## PROMPT
Take every line of the material below that includes the string "retinal" and copy it out.

## STORED DATA

· · · ·

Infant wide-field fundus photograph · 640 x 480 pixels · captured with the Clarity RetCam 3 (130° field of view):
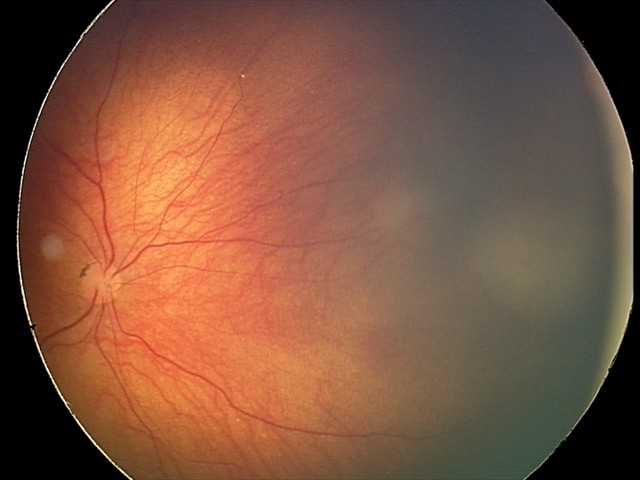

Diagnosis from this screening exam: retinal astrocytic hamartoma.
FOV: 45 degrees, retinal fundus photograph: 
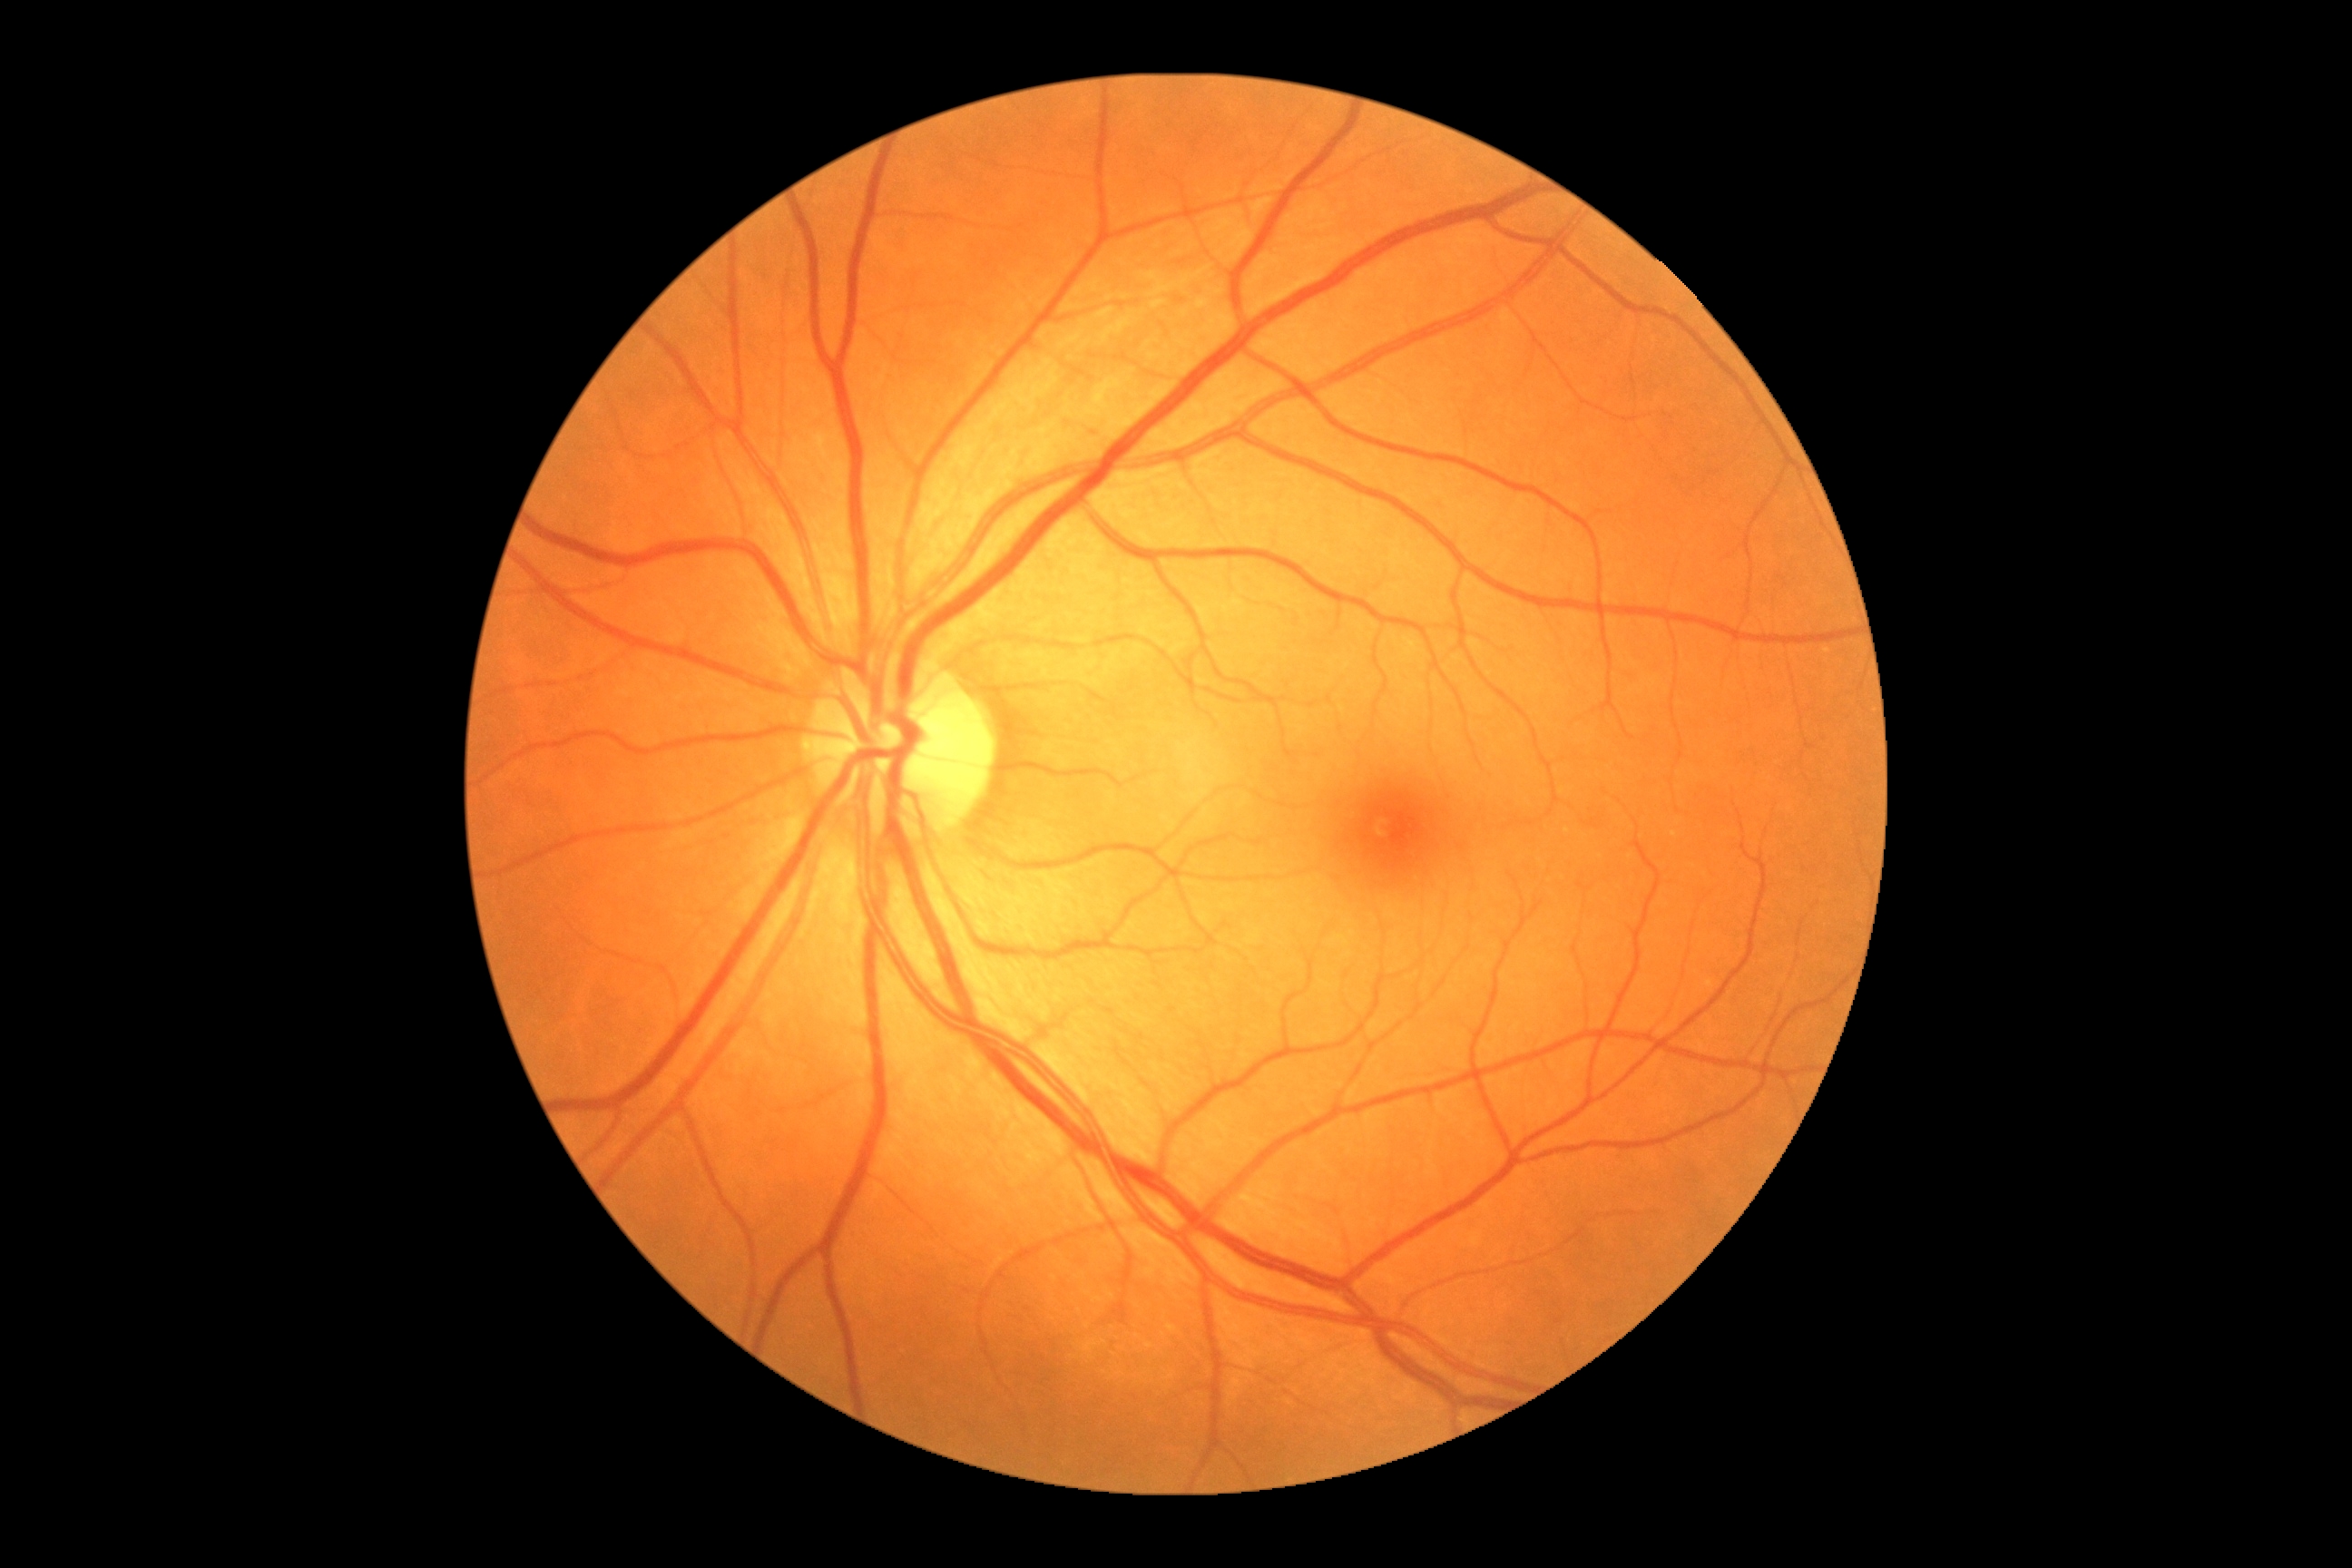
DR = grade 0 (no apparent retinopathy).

· · · ·

## ANSWER BELOW
Diagnosis from this screening exam: retinal astrocytic hamartoma.
FOV: 45 degrees, retinal fundus photograph: 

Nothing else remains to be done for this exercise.